Tests compare drugs for hepatitis

Swiss drugmaker Roche’s brand of interferon can help control Hepatitis B, a potentially deadly liver infection, better than a competitor’s drug can, according to a new study published on Wednesday.

After 48 weeks of treating patients with Roche’s drug, researcher George Lau and his team at Queen Mary Hospital in Hong Kong found that Pegasys suppressed the virus better than British company GlaxoSmithKline Plc ‘s drug lamivudine.

A separate Hepatitis B study found a third drug, Foster City, California-based Gilead Sciences ‘s Hepsera, is effective only with continued use.

Its effects disappear within weeks after patients stopped taking the medicine.

The studies were published in the latest edition of the New England Journal of Medicine. The drug companies financed the studies, held and analyzed the data and more than half of the named authors had financial ties to those companies.

Some 400 million people worldwide are believed to be infected with Hepatitis B, which attacks the liver and can lead to liver cancer and death.
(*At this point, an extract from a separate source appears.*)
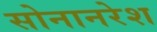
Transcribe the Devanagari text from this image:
सोनानरेश
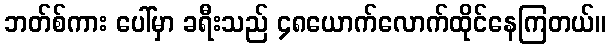
ဘတ်စ်ကား ပေါ်မှာ ခရီးသည် ၄၈ယောက်လောက်ထိုင်နေကြတယ်။
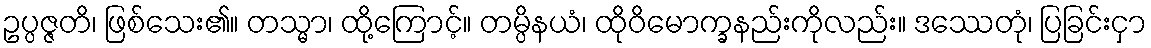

The disease is caused by a virus, often spread through having unprotected sex or sharing needles with an infected person.
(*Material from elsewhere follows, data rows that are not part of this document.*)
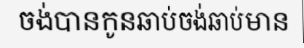
ចង់បានកូនឆាប់ចង់ឆាប់មាន
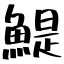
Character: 鯷
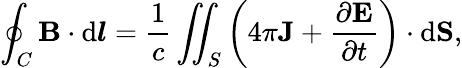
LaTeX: \oint_{C}\mathbf{B}\cdot\mathrm{d}{\boldsymbol{l}}={\frac{1}{c}}\iint_{S}\left(4\pi\mathbf{J}+{\frac{\partial\mathbf{E}}{\partial t}}\right)\cdot\mathrm{d}\mathbf{S},
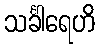
သင်္ခါရေဟိ
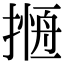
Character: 𢳖
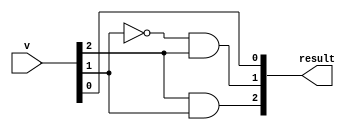
module circuitA(input [2:0] v,output [2:0] result);
assign result[2]=v[2]&v[1];
assign result[1]=(~v[1])&v[2];
assign result[0]=v[0];
endmodule
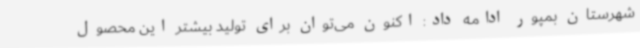
شهرستان بمپور ادامه داد: اکنون می‌توان برای تولید بیشتر این محصول
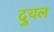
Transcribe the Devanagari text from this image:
दुवल
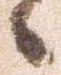
々
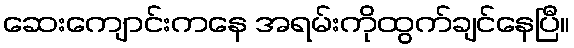
ဆေးကျောင်းကနေ အရမ်းကိုထွက်ချင်နေပြီ။

A handful of drugs have been approved to treat the condition, but their relative usefulness is a matter for debate, especially when treatment costs can range from $5,000 to $15,000 per year.

While patients treated with Pegasys suffered more side effects like depression, fatigue, headache, fever and muscle pain, the researchers said their finding supports the use of Pegasys, formally known as peginterferon alfa-2a, as a go-to drug for a common type of long-term hepatitis B.

The study of Hepsera, also known by the generic name adefovir dipivoxil, followed people with another form of hepatitis B, HbeAg-negative, which accounts for about 14 percent of U.S. cases and even more elsewhere.

A team led by Stephanos Hadziyannis of Henry Dunant Hospital in Athens, which has been following 185 volunteers, some of whom who have gone on and off the drug for as long as 144 weeks, discovered that Hepsera continues to work in more than two out of three patients.

However they found that when patients stopped taking the drug, the Hepatitis B virus became reactivated, with amounts of the virus returning to pre-treatment levels within a month.

“Long-term therapy will be needed for the majority of patients,” they concluded.

In a Journal editorial, Anna Suk-Fong Lok said she was disappointed that the treatment did not wipe out Hepatitis B from the body.

The Hadziyannis team also reported in the Journal that after nearly three years of treatment, only 6 percent of patients had developed a mutation that made the virus resistant to the drug. By comparison, when lamivudine is given, the drug typically loses its effectiveness in 20 percent of patients each year.